The Panel is Extra-Constitutional

The next point to be made is that the “panel of experts” is an entirely extra-constitutional body that has no formal authority to render an interpretation of the Constitution. Again, it must be emphasized that this is not the case of a government seeking the advice of constitutional scholars over the likely constitutionality of policies it is contemplating. The evidence suggests that this is a government preparing to announce a “revised interpretation”, a new meaning of the Constitution, on the basis of an authoritative interpretation provided by a stacked “panel of experts” that has spent the summer deliberating on the question.

This development occurs against the backdrop of other recent steps towards a more robust and assertive military posture, including the upgrade of the Self-Defense Agency to full-fledged ministry status, the passage of numerous emergency and security-related laws, and increasing the levels of commitment to joint-defense with the US. Japan has recently specifically agreed to develop a BMD system in cooperation with the United States. The deployment of such a system to defend US targets is one of the specific scenarios that the “panel of experts” is to study. The inability of Japan to deploy that system in defense of non-Japan-based US targets would make it of very limited value to the US, and indeed the agreement is premised on Japanese bases intercepting ballistic missiles targeting the US. US Defense Secretary Robert Gates has recently urged the government of Japan to make a public commitment to use the system in defense of the United States.[12] The “re-interpretation” being sought is in part designed to legitimize a BMD system already agreed upon and currently under development.


The ship-based launching of an SM-3 Missile, similar to those to be deployed as part of a joint US-Japanese BMD system

From where does the authority of this “panel of experts” to engage in such “re-interpretation” arise? First, it should be noted that under the Constitution of Japan, the executive is the branch least empowered to have any say in how the Constitution is to be interpreted. Recall that the Constitution provides that the Diet is the highest organ of state (Art. 41); that the Constitution is the supreme law of the nation, and that no law, rescript, ordinance or other act of government that is contrary to the Constitution is valid (Art. 98); and that the courts are vested with the authority to interpret the Constitution and determine the constitutionality of any law, order, regulation or other official act (Art. 81).

It is not within the authority of the executive to mandate interpretations of the Constitution. But if it is not within the authority of the executive to mandate constitutional interpretations, at least the executive is a branch of government. The “panel of experts” established by the executive, to the extent that it is being called upon to provide an interpretation that will be relied upon by the government as a means of legitimizing its policies and persuading the other branches of government that the “re-interpretation” is valid and correct, has no legitimacy or authority whatsoever to engage in constitutional interpretation, and is a body not contemplated in any manner by the Constitution.

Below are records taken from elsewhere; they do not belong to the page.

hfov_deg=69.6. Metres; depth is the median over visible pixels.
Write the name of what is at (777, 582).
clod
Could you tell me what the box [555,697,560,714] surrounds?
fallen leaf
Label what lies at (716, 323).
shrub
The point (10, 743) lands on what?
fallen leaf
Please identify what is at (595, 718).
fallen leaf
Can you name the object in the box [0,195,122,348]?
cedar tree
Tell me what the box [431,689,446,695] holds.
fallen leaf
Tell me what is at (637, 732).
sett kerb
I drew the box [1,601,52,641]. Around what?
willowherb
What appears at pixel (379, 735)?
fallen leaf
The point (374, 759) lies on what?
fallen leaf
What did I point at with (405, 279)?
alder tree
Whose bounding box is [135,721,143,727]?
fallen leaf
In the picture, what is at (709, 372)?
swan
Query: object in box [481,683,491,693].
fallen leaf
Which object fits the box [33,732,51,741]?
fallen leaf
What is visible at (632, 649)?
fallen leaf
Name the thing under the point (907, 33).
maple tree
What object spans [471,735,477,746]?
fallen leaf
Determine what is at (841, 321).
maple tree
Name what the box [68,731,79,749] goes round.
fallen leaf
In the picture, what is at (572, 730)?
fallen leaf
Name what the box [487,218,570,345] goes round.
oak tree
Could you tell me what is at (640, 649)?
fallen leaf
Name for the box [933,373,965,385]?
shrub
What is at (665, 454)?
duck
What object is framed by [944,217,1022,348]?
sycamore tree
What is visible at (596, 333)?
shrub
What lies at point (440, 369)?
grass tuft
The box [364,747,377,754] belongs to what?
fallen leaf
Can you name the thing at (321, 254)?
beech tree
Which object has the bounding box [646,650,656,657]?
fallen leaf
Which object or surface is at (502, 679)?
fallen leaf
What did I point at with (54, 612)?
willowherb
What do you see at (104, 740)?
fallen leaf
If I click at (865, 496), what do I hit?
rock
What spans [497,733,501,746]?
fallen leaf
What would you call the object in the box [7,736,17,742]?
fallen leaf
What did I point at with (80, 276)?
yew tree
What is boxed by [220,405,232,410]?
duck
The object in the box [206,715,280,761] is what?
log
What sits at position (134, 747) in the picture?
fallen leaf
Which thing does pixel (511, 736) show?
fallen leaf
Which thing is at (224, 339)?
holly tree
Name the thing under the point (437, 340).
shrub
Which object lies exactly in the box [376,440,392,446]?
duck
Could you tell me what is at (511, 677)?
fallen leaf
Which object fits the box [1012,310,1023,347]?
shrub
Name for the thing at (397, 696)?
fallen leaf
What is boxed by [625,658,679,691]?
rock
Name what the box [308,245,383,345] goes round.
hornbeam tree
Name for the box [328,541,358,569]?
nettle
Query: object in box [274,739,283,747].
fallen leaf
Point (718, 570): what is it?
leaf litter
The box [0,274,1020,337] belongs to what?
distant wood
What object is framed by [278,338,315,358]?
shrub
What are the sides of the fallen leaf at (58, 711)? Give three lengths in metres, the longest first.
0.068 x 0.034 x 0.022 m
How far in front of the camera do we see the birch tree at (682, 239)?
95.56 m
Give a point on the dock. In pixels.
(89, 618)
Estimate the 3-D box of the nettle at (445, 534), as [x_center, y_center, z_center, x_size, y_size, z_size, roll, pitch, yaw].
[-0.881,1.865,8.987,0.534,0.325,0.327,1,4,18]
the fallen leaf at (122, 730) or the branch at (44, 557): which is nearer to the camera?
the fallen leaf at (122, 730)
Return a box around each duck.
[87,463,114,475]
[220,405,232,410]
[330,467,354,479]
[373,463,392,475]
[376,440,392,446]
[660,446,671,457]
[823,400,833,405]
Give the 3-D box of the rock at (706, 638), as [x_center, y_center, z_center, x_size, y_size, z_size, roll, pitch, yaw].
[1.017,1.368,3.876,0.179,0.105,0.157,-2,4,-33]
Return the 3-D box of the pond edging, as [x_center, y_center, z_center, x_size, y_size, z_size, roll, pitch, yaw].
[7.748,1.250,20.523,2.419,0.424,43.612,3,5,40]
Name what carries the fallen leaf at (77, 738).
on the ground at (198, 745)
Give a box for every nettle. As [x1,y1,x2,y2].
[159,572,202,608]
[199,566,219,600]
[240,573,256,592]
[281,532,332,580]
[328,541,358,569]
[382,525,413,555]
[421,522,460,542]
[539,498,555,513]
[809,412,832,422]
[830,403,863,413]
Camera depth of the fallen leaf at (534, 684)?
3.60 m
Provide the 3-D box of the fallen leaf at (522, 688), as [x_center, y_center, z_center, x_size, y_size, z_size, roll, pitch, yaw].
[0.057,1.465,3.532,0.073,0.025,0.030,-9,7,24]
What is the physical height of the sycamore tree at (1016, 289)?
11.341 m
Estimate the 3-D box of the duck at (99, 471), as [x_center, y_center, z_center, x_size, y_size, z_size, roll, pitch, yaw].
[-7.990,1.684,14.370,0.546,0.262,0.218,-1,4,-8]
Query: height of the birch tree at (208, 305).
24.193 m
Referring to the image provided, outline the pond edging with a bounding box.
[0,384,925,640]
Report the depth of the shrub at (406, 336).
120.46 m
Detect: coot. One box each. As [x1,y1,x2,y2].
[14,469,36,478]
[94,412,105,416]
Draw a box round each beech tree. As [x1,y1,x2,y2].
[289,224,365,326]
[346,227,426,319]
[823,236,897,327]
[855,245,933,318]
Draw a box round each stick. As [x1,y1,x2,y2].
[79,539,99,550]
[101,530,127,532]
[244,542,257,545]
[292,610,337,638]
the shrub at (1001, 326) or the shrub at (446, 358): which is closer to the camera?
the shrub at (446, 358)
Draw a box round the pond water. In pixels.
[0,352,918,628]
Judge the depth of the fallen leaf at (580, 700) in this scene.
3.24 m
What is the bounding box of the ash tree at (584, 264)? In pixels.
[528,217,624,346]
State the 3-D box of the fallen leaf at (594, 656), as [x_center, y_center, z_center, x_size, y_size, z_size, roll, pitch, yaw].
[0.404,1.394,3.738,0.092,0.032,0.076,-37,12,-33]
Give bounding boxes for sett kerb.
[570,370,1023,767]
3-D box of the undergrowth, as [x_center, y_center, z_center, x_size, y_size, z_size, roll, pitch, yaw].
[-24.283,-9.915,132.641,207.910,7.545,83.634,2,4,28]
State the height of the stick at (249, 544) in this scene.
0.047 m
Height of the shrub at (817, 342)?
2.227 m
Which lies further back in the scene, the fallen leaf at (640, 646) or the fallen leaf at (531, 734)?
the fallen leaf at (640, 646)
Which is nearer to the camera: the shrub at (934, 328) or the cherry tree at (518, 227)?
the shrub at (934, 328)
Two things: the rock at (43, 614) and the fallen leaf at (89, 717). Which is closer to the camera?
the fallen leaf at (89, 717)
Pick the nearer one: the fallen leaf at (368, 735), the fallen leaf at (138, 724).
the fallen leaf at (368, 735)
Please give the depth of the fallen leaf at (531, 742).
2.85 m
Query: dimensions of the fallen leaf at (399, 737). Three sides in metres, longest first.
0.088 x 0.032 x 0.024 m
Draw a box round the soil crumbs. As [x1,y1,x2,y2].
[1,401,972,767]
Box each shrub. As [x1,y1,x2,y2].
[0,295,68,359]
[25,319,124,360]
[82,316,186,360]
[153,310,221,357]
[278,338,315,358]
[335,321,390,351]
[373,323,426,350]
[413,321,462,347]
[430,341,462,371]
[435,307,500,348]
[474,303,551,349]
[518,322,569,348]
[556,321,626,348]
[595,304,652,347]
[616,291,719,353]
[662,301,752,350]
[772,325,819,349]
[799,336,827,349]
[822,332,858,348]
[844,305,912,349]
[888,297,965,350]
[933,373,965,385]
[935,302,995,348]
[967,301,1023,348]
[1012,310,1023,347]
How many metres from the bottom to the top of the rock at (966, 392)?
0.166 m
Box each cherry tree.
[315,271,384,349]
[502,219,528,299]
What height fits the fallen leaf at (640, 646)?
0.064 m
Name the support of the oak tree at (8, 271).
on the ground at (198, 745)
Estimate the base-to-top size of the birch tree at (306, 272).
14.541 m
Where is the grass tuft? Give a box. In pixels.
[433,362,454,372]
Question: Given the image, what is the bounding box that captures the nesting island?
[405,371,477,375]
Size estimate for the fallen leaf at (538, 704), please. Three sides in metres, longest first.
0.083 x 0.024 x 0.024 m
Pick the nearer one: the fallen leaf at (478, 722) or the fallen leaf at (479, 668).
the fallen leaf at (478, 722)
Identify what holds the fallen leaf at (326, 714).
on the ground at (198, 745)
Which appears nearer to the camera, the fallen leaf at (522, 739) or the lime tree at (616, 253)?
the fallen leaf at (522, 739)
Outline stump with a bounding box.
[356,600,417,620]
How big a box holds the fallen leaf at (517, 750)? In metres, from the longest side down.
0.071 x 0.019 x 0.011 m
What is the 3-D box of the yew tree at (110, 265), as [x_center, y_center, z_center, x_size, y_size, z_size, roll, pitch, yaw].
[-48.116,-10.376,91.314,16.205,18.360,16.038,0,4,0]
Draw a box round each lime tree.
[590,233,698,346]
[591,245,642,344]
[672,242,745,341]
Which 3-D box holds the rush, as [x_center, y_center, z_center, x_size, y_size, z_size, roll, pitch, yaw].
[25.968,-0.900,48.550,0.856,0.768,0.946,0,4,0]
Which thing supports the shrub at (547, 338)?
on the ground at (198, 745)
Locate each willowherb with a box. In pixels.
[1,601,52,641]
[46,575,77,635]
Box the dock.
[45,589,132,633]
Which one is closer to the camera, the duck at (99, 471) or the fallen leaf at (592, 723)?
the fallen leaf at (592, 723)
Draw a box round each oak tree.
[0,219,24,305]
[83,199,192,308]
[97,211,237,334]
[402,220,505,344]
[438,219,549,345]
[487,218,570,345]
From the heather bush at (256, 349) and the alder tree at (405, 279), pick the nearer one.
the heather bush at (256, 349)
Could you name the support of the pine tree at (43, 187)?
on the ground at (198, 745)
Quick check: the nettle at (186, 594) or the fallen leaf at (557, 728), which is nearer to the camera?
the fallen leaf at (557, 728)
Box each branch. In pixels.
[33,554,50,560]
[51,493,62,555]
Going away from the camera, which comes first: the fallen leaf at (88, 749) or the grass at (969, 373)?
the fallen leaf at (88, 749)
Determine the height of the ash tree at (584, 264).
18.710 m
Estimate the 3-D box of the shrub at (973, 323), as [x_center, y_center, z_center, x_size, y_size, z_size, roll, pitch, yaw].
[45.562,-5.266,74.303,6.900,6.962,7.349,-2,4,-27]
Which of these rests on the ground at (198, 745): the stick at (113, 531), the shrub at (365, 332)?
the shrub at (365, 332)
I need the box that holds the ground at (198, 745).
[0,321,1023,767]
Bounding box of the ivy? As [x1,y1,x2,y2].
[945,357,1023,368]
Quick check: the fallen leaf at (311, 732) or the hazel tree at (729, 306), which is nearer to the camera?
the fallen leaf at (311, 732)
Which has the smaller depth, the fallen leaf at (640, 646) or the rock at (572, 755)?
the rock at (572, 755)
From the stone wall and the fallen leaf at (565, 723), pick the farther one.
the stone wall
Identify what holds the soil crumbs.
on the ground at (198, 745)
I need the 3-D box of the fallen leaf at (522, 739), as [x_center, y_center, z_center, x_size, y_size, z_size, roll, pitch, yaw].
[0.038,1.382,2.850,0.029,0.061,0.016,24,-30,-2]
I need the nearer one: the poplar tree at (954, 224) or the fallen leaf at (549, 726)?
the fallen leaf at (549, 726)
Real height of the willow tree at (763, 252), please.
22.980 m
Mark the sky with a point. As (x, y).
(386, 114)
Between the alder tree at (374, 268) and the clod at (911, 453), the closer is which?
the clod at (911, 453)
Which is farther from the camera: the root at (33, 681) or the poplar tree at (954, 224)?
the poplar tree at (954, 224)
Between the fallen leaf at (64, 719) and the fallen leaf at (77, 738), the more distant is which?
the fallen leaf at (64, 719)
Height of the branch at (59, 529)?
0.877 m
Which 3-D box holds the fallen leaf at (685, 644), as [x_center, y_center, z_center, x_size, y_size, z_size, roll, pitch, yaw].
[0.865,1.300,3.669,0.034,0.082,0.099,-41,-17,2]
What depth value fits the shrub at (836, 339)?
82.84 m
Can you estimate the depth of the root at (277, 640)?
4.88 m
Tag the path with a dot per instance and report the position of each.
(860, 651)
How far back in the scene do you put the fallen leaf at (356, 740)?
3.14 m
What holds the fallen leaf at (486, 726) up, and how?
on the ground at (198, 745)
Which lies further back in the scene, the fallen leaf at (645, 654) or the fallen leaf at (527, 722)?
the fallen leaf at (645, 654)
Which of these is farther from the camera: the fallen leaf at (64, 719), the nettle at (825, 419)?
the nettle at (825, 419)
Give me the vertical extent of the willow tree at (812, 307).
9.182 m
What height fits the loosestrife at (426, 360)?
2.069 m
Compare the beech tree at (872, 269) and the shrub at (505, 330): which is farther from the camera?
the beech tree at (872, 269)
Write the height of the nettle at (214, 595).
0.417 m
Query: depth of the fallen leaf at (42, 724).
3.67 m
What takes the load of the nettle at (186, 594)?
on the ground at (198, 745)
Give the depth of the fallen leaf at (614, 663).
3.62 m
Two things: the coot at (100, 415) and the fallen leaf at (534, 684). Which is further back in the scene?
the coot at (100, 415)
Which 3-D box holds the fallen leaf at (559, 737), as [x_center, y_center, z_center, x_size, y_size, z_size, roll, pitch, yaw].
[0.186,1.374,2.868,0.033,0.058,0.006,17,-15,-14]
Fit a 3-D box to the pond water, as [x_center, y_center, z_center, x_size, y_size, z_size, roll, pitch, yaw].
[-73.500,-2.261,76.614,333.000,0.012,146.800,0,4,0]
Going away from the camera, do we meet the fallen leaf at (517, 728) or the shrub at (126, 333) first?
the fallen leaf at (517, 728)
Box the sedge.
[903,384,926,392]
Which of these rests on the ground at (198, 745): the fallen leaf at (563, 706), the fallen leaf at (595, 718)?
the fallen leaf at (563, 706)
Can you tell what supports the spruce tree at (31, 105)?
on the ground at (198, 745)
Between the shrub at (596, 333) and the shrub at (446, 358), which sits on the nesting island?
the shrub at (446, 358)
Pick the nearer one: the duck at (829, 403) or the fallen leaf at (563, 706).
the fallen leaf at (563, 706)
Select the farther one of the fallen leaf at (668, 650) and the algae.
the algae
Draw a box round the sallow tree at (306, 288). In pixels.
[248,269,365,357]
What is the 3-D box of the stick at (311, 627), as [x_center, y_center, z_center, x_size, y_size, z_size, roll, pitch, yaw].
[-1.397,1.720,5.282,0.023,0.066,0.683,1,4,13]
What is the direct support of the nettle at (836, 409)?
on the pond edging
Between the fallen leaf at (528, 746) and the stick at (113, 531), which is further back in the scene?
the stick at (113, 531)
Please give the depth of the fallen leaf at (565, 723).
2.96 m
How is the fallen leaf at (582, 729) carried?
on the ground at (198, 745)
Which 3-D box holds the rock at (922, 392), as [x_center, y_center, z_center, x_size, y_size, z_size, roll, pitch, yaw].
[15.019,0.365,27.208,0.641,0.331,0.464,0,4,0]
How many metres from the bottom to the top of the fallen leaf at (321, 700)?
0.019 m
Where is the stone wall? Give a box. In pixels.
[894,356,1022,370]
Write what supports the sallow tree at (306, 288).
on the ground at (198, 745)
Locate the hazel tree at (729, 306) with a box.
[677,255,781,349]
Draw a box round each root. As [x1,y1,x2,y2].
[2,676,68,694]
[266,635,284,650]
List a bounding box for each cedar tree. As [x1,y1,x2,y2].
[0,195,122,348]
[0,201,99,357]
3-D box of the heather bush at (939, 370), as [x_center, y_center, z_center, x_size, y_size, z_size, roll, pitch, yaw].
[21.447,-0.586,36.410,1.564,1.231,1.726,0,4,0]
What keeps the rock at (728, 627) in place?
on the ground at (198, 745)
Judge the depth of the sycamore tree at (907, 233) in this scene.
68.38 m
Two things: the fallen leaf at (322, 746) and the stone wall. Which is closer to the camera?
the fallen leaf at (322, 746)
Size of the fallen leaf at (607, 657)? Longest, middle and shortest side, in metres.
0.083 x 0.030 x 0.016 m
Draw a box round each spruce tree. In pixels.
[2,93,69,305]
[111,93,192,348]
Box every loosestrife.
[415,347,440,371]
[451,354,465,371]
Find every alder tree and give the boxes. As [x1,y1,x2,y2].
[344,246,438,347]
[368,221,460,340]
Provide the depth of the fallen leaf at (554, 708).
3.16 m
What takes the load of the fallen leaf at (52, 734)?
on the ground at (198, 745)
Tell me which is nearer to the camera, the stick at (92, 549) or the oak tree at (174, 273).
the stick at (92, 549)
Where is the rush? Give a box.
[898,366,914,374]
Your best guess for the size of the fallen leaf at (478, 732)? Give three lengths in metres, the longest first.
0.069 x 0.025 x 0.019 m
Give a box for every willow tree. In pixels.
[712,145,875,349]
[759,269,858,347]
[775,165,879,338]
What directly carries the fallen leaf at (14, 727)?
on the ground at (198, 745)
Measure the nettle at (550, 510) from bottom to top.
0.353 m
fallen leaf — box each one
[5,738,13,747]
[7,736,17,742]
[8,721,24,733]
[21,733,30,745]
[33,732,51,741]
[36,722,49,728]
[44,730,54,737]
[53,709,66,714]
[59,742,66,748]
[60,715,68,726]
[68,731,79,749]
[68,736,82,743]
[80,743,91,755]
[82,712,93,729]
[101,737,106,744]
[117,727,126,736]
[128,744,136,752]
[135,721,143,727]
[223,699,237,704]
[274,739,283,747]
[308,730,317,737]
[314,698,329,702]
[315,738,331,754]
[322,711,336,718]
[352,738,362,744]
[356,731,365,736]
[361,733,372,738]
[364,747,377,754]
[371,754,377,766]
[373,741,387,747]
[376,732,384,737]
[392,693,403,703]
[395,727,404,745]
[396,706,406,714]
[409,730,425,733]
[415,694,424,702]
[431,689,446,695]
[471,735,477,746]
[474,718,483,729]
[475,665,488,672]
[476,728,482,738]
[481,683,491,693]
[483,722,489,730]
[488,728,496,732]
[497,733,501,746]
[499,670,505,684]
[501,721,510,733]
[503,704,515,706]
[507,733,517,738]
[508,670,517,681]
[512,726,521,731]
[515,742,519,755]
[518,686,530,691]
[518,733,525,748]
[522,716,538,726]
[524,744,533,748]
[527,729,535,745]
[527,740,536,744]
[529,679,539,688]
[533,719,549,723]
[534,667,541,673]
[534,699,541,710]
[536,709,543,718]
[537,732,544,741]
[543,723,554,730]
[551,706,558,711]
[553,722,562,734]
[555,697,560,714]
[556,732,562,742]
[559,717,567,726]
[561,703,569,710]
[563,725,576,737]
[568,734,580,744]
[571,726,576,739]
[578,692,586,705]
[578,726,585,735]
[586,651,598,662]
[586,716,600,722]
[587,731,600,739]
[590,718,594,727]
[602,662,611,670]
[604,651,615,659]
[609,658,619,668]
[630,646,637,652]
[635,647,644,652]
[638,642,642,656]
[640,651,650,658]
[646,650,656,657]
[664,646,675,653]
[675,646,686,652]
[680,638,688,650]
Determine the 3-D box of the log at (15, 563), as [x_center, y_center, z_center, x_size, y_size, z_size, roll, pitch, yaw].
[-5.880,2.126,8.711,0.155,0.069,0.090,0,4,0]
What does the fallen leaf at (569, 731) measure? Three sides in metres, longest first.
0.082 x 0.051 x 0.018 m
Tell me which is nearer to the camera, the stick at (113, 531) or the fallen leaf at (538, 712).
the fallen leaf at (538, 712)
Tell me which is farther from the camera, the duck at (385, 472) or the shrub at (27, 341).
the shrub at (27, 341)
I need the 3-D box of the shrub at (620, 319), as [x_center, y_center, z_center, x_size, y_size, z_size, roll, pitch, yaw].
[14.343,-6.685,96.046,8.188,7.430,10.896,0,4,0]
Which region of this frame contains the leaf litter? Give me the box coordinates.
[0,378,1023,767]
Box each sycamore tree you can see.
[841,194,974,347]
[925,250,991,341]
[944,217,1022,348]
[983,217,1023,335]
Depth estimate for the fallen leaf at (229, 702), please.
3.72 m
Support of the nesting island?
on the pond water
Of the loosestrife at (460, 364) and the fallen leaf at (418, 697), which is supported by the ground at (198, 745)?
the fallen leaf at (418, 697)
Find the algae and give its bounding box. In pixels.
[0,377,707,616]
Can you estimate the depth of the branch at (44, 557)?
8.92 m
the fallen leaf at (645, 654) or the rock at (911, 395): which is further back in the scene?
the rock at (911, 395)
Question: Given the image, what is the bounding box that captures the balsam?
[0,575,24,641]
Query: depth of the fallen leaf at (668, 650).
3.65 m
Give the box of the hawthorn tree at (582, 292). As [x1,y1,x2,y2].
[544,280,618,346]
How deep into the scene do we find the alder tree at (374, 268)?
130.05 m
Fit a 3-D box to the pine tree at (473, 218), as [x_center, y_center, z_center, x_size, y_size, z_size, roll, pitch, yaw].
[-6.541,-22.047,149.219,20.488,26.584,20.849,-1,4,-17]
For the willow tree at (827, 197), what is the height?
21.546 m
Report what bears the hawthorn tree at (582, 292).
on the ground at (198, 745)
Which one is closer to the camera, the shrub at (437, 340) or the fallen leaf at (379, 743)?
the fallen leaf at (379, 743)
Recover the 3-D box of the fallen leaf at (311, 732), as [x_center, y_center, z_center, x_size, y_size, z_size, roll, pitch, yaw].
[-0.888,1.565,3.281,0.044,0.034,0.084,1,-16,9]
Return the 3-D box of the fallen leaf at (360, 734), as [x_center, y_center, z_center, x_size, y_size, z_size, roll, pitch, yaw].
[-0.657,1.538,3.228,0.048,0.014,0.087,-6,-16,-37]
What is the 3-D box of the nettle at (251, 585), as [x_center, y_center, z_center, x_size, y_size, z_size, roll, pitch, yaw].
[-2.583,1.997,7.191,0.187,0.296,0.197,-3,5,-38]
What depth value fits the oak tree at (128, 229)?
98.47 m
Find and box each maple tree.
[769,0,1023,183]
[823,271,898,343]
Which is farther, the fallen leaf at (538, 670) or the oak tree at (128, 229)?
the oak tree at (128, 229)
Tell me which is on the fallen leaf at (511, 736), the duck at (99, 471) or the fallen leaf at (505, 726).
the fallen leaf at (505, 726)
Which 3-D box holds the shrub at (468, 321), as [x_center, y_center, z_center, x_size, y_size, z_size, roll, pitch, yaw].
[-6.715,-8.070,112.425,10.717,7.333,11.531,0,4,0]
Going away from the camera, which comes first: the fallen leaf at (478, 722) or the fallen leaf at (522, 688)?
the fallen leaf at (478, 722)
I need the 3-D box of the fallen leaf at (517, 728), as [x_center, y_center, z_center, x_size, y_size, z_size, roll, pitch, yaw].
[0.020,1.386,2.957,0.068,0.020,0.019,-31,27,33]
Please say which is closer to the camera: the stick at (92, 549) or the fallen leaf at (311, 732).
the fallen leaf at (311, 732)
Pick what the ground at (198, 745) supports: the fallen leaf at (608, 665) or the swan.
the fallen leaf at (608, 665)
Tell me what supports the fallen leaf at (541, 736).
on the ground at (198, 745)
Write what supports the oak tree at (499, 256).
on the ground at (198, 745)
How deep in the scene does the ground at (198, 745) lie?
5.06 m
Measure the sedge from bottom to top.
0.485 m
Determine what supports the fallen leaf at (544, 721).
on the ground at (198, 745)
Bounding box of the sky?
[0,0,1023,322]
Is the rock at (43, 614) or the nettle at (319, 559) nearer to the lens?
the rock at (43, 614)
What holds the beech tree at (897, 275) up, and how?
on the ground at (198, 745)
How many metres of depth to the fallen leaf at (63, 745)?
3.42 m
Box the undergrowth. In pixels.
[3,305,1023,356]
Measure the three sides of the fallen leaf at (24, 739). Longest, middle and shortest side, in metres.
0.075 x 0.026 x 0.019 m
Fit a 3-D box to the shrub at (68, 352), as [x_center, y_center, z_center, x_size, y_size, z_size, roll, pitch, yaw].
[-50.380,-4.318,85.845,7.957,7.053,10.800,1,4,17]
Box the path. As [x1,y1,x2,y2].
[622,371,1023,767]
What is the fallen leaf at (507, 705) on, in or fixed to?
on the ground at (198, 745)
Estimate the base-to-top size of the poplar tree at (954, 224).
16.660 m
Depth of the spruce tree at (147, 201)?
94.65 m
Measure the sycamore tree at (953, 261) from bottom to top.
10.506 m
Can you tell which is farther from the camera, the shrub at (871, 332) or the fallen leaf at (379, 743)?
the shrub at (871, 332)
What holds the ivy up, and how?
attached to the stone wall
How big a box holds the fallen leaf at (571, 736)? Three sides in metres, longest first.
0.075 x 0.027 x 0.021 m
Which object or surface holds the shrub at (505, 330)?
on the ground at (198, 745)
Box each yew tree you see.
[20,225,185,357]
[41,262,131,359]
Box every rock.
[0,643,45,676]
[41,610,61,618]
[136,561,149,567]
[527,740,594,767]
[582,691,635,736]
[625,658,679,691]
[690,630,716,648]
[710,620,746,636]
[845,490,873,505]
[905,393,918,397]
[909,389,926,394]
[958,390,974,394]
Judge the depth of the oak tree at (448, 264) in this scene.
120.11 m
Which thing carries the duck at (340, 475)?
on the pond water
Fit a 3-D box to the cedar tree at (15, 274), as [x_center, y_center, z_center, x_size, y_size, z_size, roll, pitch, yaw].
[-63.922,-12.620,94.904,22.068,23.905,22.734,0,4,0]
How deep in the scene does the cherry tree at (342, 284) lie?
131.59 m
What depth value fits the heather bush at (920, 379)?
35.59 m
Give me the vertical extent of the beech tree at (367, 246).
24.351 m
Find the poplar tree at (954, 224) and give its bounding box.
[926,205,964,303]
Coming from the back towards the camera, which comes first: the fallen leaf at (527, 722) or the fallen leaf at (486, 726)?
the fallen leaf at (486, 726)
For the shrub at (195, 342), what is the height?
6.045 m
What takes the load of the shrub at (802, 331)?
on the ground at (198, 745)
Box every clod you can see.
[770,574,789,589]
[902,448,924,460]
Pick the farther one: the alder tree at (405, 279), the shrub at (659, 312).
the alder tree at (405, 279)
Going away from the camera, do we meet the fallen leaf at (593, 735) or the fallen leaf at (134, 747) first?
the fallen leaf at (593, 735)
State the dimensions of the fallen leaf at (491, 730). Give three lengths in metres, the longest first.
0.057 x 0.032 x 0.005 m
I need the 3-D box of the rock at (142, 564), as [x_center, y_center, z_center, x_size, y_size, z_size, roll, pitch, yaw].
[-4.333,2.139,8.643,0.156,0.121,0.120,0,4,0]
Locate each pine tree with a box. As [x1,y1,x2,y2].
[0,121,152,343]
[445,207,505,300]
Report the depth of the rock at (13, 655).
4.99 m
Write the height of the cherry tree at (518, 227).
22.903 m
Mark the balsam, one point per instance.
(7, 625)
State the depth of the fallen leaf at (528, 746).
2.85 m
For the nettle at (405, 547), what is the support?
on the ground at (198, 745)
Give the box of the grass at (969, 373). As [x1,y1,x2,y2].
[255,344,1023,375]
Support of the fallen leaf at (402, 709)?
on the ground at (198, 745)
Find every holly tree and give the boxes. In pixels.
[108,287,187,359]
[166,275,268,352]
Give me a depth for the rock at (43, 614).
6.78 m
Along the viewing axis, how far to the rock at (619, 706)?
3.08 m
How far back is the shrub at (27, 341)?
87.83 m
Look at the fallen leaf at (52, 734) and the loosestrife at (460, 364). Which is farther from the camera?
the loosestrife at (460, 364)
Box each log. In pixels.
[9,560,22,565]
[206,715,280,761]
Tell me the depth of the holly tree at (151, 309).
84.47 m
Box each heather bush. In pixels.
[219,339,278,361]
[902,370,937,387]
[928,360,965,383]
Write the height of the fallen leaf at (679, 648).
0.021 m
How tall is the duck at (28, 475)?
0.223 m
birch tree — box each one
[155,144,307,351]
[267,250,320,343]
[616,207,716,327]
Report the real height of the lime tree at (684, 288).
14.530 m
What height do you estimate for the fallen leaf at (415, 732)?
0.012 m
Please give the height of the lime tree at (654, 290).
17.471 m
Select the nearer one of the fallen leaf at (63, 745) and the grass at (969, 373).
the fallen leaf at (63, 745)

Of course, policies and laws based on new interpretations of the Constitution can be challenged in court, and so some may think that the concern being expressed here is exaggerated. But given the timidity of the courts – particularly the Supreme Court – when called upon to enforce Article 9, there is good reason to question whether the courts would step in to correct any such “re-interpretation”. Moreover, as we will discuss in the next section, there is cause for concern that the government is seeking to use this “panel of experts” to further exclude the courts from any discourse on Article 9 issues.[13]

The Legitimate Interpreters – the Courts

How has the judiciary, as the branch of government with the authority under the Constitution to interpret the Constitution, actually performed in enforcing Article 9 of the Constitution? We should begin by reviewing briefly the power of judicial review that the courts enjoy under the Constitution. As noted above, Article 81 provides that the courts are vested with the authority to interpret the Constitution and determine the constitutionality of any law, order, regulation or other act of government. In the very first case to come before it on the issue of Article 9, the Supreme Court in 1952 decided that judicial review generally was limited to ex post facto consideration of concrete cases, in the American tradition, as opposed to permitting requests, either by private litigants or the government, for determination of hypothetical questions on the constitutionality of prospective events.[14] Thus, the government cannot refer the question of whether, for example, a government policy permitting the deployment of Maritime Self Defense Force (MSDF) ships in defense of US vessels in international waters would violate Article 9, as would be possible in Germany or Canada, to name just a couple of constitutional democracies with a system that permits constitutional references.


Justices of the Supreme Court of Japan, those with the constitutional authority to interpret the Constitution

Nonetheless, the courts in countries that have followed the American model of judicial review, in which courts are limited to the consideration of concrete cases, not only function as the final guardian and interpreter of the nation’s constitution, but many have done so in a very robust fashion. The Supreme Court of the Unites States is itself a prime example. What is more, where there is no general “reference” jurisdiction of the courts, it may be argued that it is all the more important that the courts establish a broad basis for standing (that is, the criteria for permitting one to commence constitutional claims), so that concrete cases involving the constitutionality of government acts can be brought before the courts. It is precisely because the courts of Japan, particularly the Supreme Court, have so narrowed both their own jurisdiction and the basis for standing to commence constitutional claims, that one has to be concerned about the Abe government’s “re-interpretation” efforts.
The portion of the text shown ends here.